The overall terrain of the Sahara Desert has many remnants of rivers and lakes beneath the sand. (Photo: Baidu)
According to calculations by NASA scientists, the area of this ancient lake reaches 108,000 km2. It is approximately 247 meters deep. Even if it has shrunk, its area still reaches 48,000 km2 and is about 190 meters deep. Additionally, this massive lake is just one of many ancient river and lake beds discovered by the Synthetic Aperture Radar of the Columbia.
This research has also indicated that Sahara is not just a desert.Five to six thousand years ago, the Sahara was a region interspersed with deserts and oases. The Sahara Desert was once a humid area with abundant greenery and animal life.
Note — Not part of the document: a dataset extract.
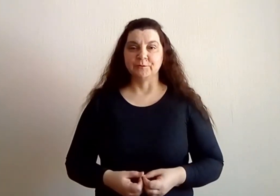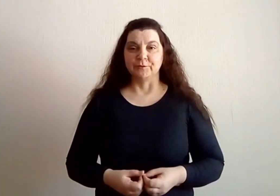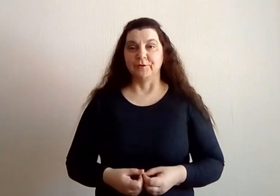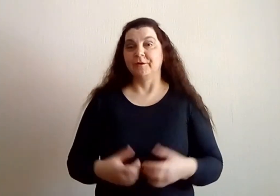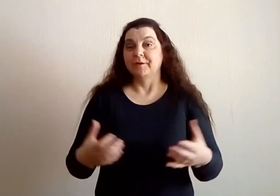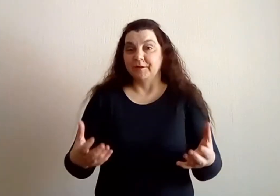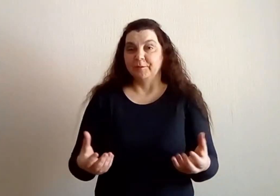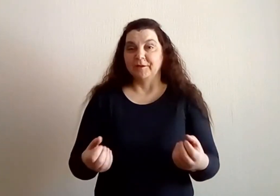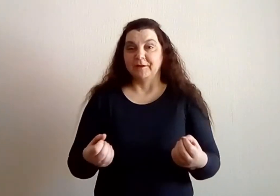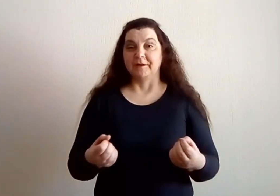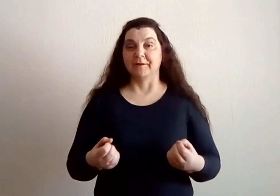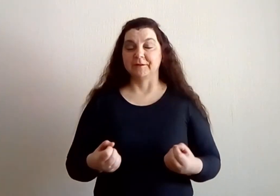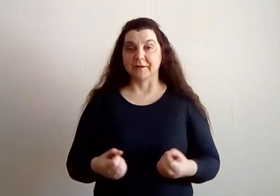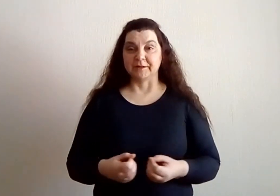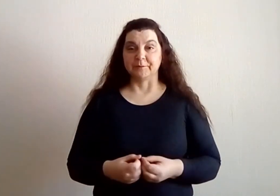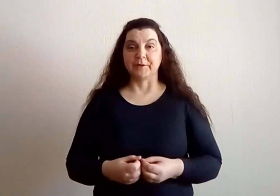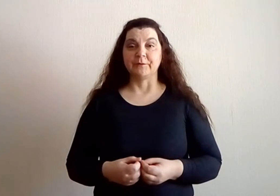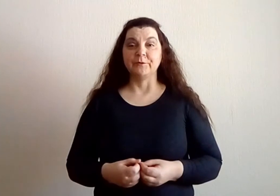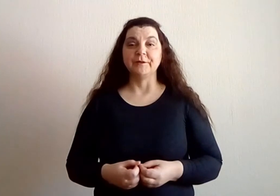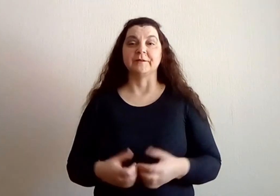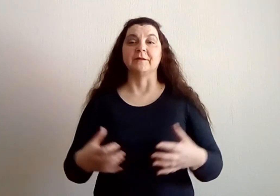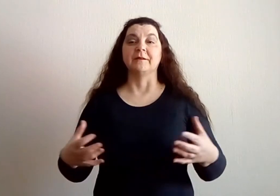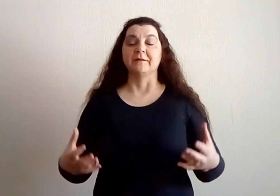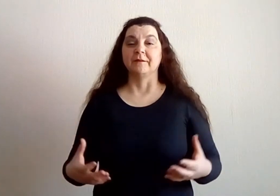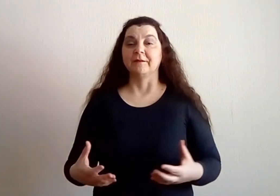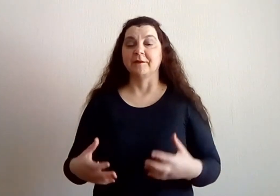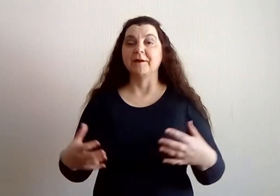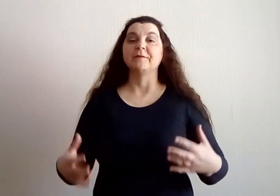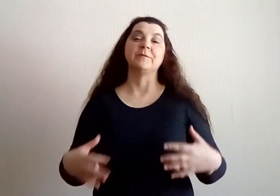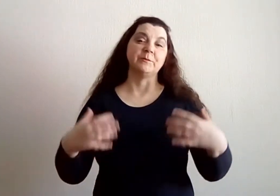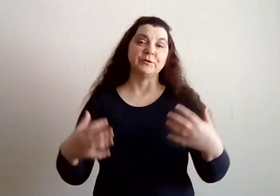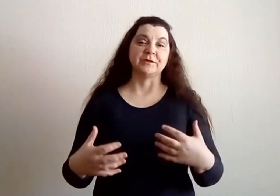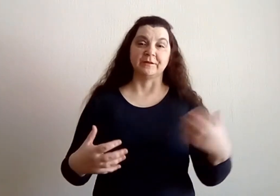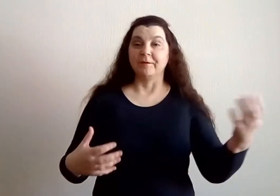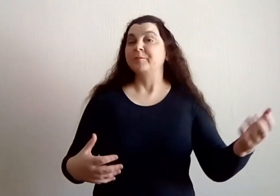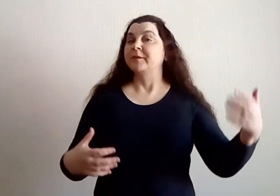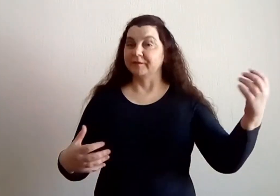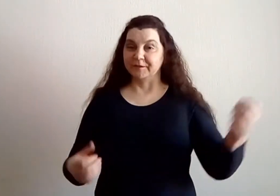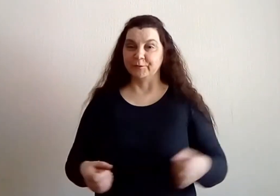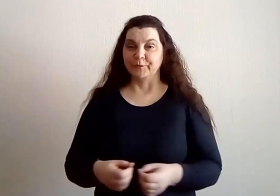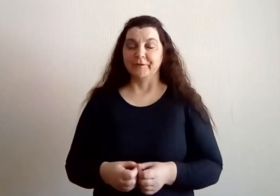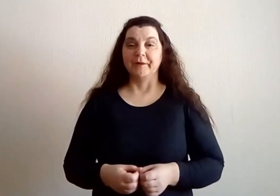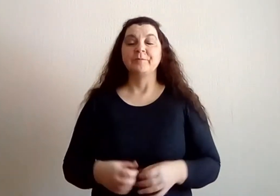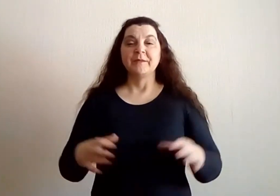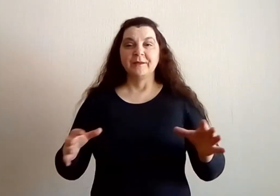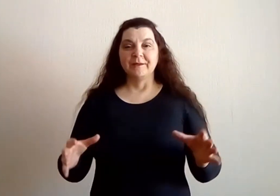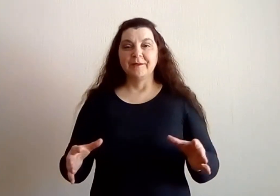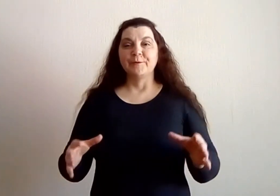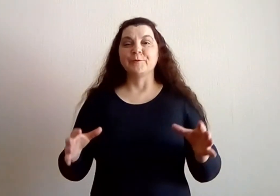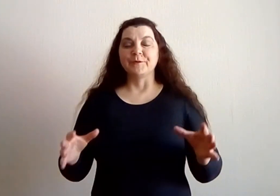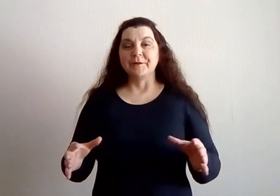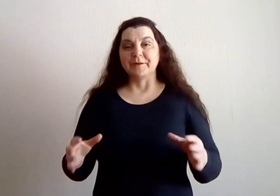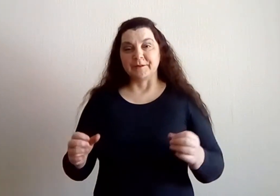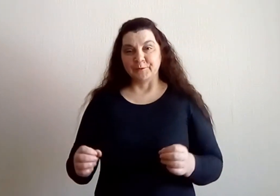именно так она переводится, и я немножко загуглила. И узнала такую

Archaeologists have discovered many dinosaur fossils and even human artifacts within the Sahara Desert.
A group of American scientists from Stony Brook University has published research indicating that the Sahara was home to many marine creatures. The research was based on records from British expeditions in the early 1980s, as well as fossils collected from the Sahara Desert.
Not only rocks, scientists have also found many different fossils in the Sahara Desert. (Photo: Baidu)
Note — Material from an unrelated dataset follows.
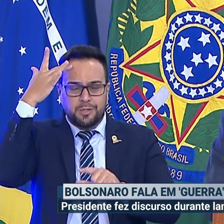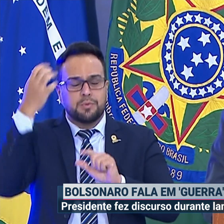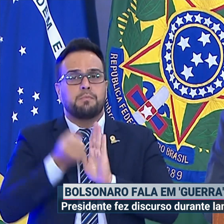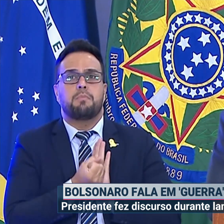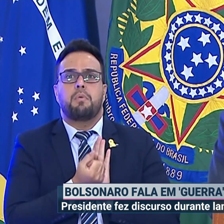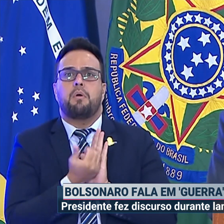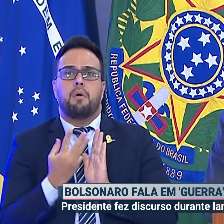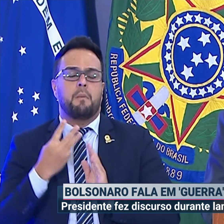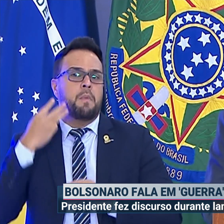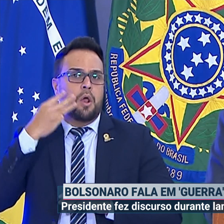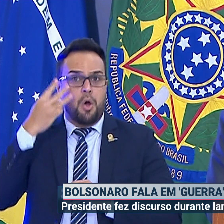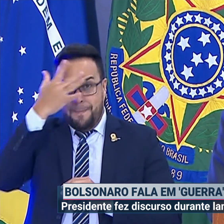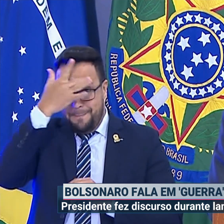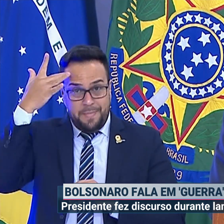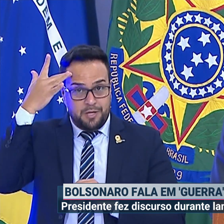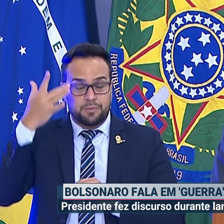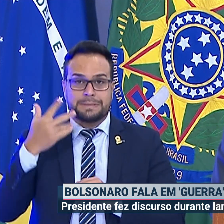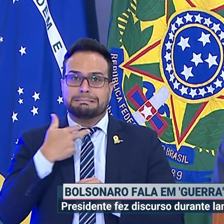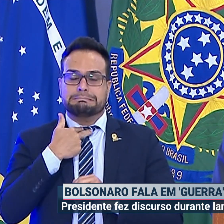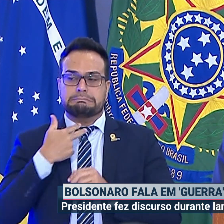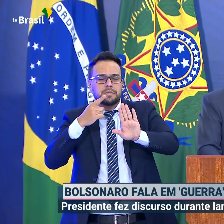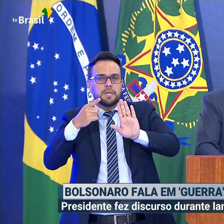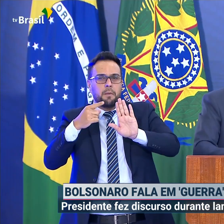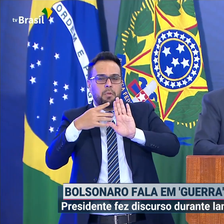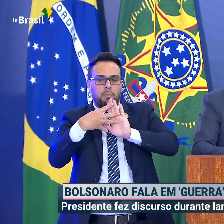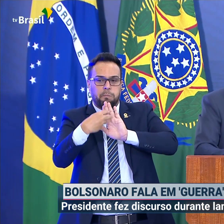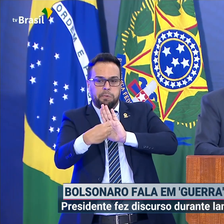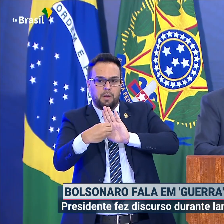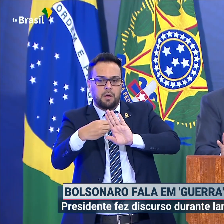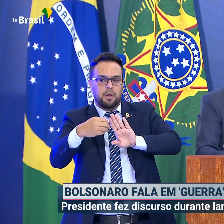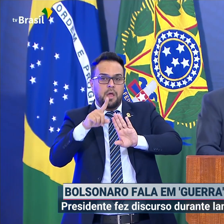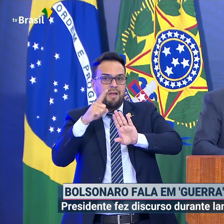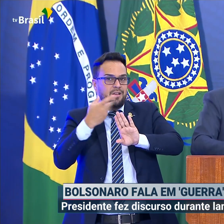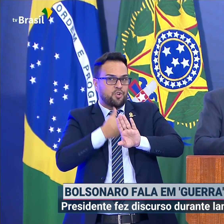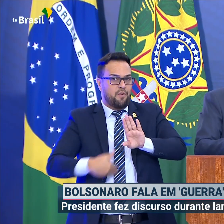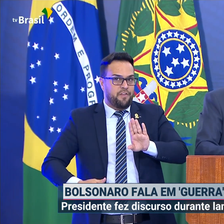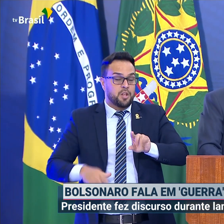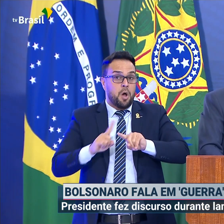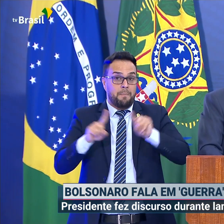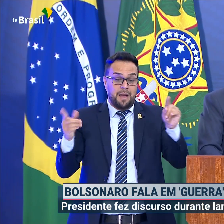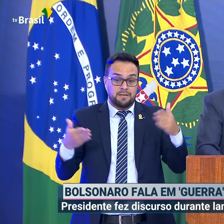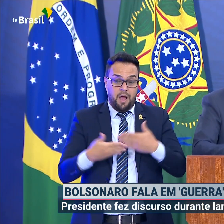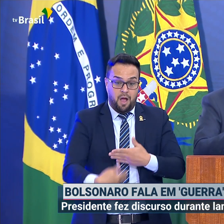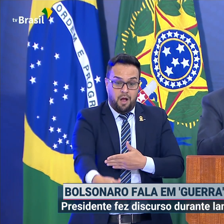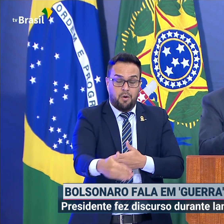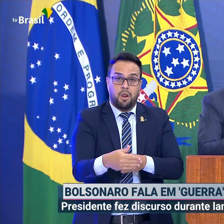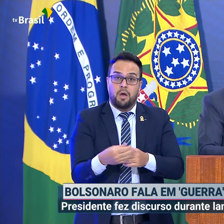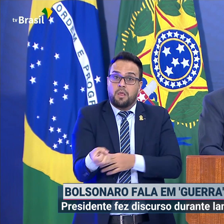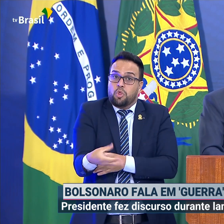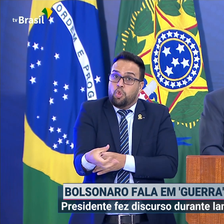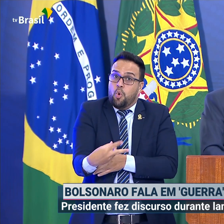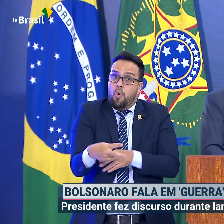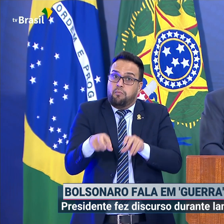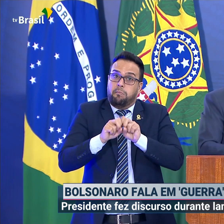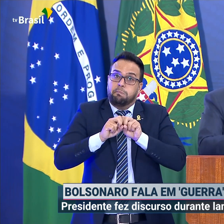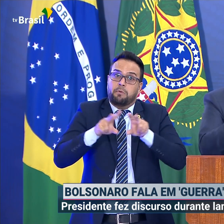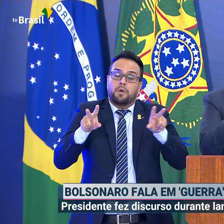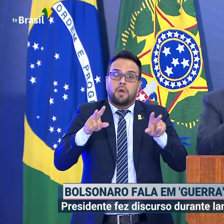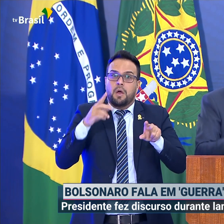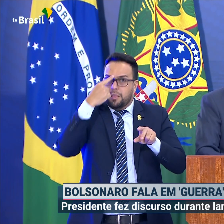lucrando com a pandemia e falou em guerra. É um vírus novo, ninguém sabe se nasceu em laboratório

According to paleontologist Maureen O’Leary, her team found fossils of catfish and sea snakes in the part of the desert located within Mali. She also noted that 50-100 million years ago, the northern region of Mali was a mangrove forest and a habitat for many mollusk species. At the end of the Cretaceous period and the beginning of the Paleogene, mollusks evolved into giant marine creatures, such as 1.6-meter-long catfish, 12-meter-long sea snakes, and 1.2-meter-long pycnodont fish.
In 1902, archaeologists discovered a 36-million-year-old fossil of a whale located in the Sahara Desert in Egypt. While searching for more fossils in the area, additional whale bones were found in a depression later named Wadi Al-Hitan, which means the Valley of Whales. Scientists believe that intense geological activities over millions of years caused the seabed to rise, transforming this region into the continent we know today.
However, the “oasis period” eventually came to an end. Scientists attribute this change to the axial precession of the Earth. Specifically, the Earth’s axial tilt shifted from 22.1 degrees to 24.5 degrees over a cycle.
Fossils of ancient animals found beneath the sands of the Sahara. (Photo: Baidu)
Axial precession is the slow and gradual change of the Earth in the direction of its rotational axis. This movement is caused by the torque exerted by the Earth and Sun system. It directly affects the tilt at which sunlight strikes the Earth’s surface. The current axial tilt of the Earth is approximately 23.43 degrees.
From this, we can understand that the Earth’s rotational axis does not always point toward the same star (the North Star) but rotates in a clockwise manner, causing the Earth to move similarly to a spinning top. A complete cycle of axial precession takes about 25,700 years.
The axial precession of the Earth will cause periodic changes in the amount of solar energy received by the Sahara Desert and its surrounding areas. Additionally, the summer monsoon winds of the Sahara frequently shift from strong to weak and vice versa. Therefore, when the summer monsoon is stronger, oases in the Sahara have been transformed into dry deserts.